A recent poll reveals that 59.5% of locals do not believe that Ithaca is in need of a SWAT team. The responses are largely charged by the August 9th incident in which an Ithacan police sergeant detained two African-American teenagers, searching them and removing his firearm from his holster. Since then, an investigation has been conducted and recently shown that racial bias had nothing to do with the police officer’s actions.  Aside from speculation over bias, the epicenter of the issue is that the officer was not in a marked police car nor wearing official police depart apparal. The response from the city has been that in the last week the police department has been modifying policies to ensure that officers are always clearly identifiable when addressing a situation.

Yet for most, the story is far from over. In the last few days a new possibility for a second investigation has been announced to which Mayor Svante Myrick has said that the city will work with the community police board in any way necessary. 
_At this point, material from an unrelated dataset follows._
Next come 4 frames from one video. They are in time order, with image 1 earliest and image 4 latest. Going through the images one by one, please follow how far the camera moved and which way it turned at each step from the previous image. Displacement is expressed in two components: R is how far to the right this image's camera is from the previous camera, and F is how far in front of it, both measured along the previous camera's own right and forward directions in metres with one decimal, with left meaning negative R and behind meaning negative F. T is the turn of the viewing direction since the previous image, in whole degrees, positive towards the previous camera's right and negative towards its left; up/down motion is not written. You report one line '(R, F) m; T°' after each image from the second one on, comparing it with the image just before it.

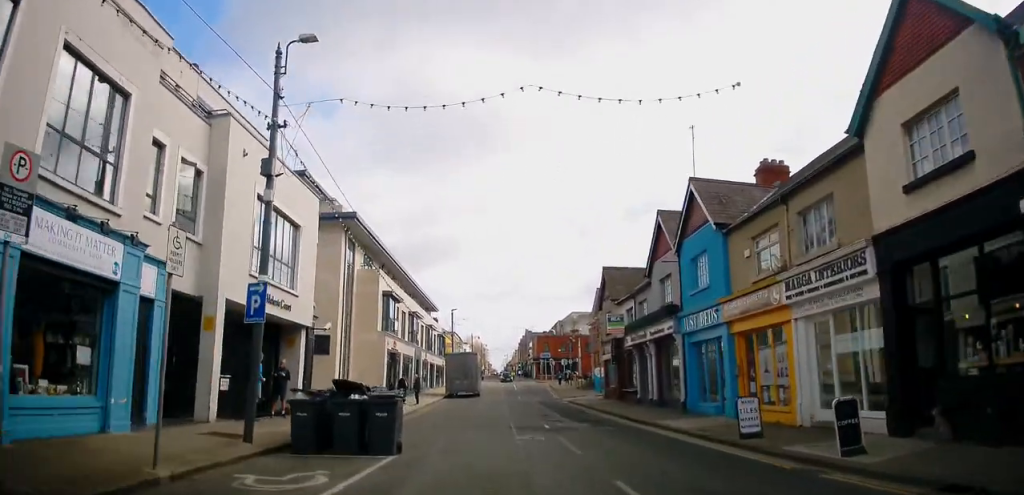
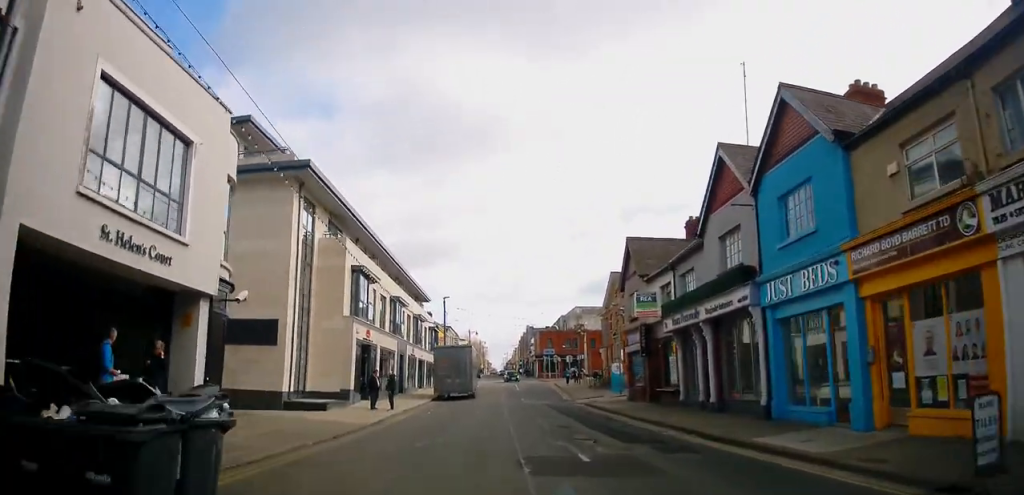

And while this story has much to do with police identification, for many Ithacans it has to do with racial profiling and police brutality. The two teenagers involved were  not charged with anything and local community voices have been comparing this incident to the litany of other profiling stories exploding accross the country. In an official statement, Myrick reassured Ithacans that the IPD's integrity and credibility is its own first priority and that while the IDP adheres strictly to safety first policies,  changes needed will be strongly looked at going forward.

"We will also work to modify standing police to clearly address the need in many instances for criminal investigators at a crime scene to wear an outer garmet identifying them as a police officer." said Myrick. "This policy modification will minimize confusion in critical situations while supporting IDP's department accreditation initiative." 

Chief of Police John Barber also added by saying, "I can understand why some members of our community would be concerned about this incident, which is why we conducted a full and thorough internal review."